[Guy Harris <gharris@xxxxxxxxx>]

On Mon, Jun 25, 2001 at 12:30:49PM +0800, dongjingyu wrote:
> Dear Mr Author,

Well, there's no "Mr. Author" for Ethereal; Gerald Combs is the original
author, but there's a list of contributors to Ethereal at

	http://www.ethereal.com/introduction.html#authors

and it's rather long....

I'm not the author of the code that's crashing, but I did find the bug,
and checked in a fix.  (It's not specific to Windows, or to any
particular version of GTK+, and exists in, I think, all versions of
ethereal that have the "Decode As" dialog.)

>     I'm writing to report a bug in the Ethereal, and hope the follow
> information will be helpful to you.

I reproduced the problem with the current CVS version of Ethereal, on
FreeBSD 3.4, and checked in a fix.  (The code to handle "Decode As" was,
if "Do not decode" was chosen, clearing the selection in the list of
protocols *before* fetching the currently selected row number in that
list - the selection was null, so it crashed when it tried to
dereference the pointer to the currently selected row.  However, it
doesn't need to find the row number if "Do not decode" was chosen, so I
changed it not to do so.)

>     #Why Ethereal can only receive packet but can not send?

Because libpcap provides an interface for receiving packets, but not one
for sending them; we'd either have to add an interface to libpcap for
sending packets, or use another library (but using libpcap to receive
packets and libnet to send them is gross - the "cap" in "libpcap"
nonwithstanding, it's bogus to require that the same
device/socket/whatever be opened *twice*).

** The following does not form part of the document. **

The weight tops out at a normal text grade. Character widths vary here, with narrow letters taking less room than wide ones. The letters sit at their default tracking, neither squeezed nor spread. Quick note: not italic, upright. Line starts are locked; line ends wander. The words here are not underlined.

WinPcap has such an interface; at some point I may add
"pcap_sendpacket()" to libpcap (at least on the platforms where it can
be implemented).

>     The latter is as important as the former, i think.

I don't - there are some people for whom it's as important, but there
have been only a couple of times in my career where I've wanted to send
a raw network packet that I've synthesized, but I've probably done tens
if not hundreds of network captures.

>     NetXray can perform them two!

NetXRay only has to run on Windows....

>     #Can i operate the capture filter as convenient as the display
>     filter in the next version?

In the next version?  The chances of that are very small.

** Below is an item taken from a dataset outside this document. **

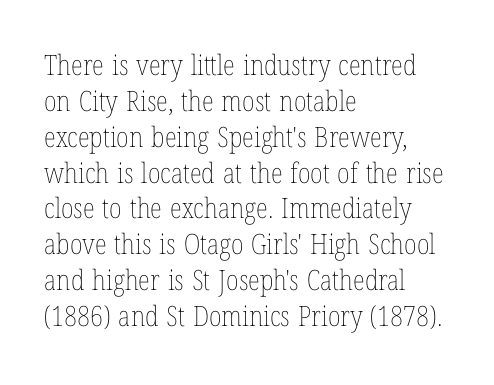
{"italic": "no", "bold": "no", "weight": "thin", "width": "condensed", "stroke_contrast": "low", "x_height": "medium", "monospaced": "no", "underline": "no", "align": "left", "line_spacing": "normal", "line_spacing_ratio": 1.28, "letter_spacing": "normal", "letter_spacing_em": 0.0, "glyph_px": 28}
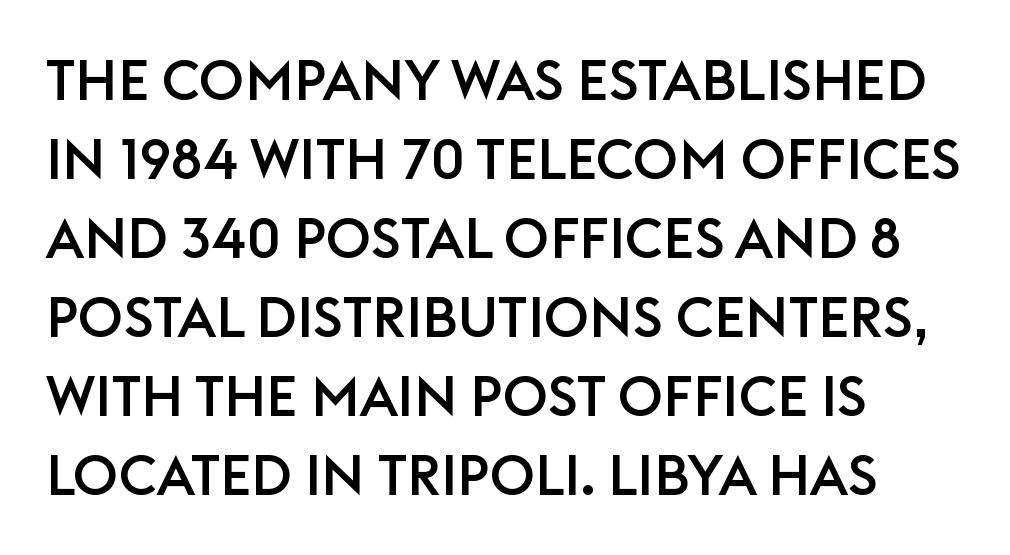
Bare-footed words on every line. Standard letterfit; no display-style spreading of the glyphs. These lines stack with their left ends in a neat column. Looks like regular typesetting: each glyph gets only the width it needs.

In some future version?  Probably.

>     And i would be glad to see the two filters share the same
>     instruction.

Capture filters are implemented as "programs" in a simulated machine
language; the interpreter for that machine language runs in the kernels
of some OSes, and it's not powerful enough to do all that a display
filter can do.

(Doing the filtering in the kernel is better, from a performance point
of view, than doing it in the program, because if you filter in the
kernel, packets that the program doesn't care about aren't copied from
the kernel to user mode - or, if you have a memory-mapped capture
buffer, copied into that buffer - whereas if you filter in user mode
every packet received by the interface gets copied even if it's later
discarded.)

At some point, we will probably write code to translate filters in a
language much list a *subset* of the display filter language into the
language supported by the libpcap library for packet capturing, so that
you can specify capture filters either in a language with a syntax like
that of display filters or in the libpcap language currently used by
Ethereal, and also used by tcpdump.

However, that language won't have the power that display filters have;
display filters require more CPU than capture filters, both because they
have to run in user mode so that all packets get copied to user mode,
and because they require a detailed dissection of the packet and a
search through the resulting protocol tree for the fields in question.

We may support using both a capture filter *and* a display filter when
capturing; the capture filter should try to filter out as many
un-interesting packets as possible, so as to minimize the number of
packets the display filter has to work on.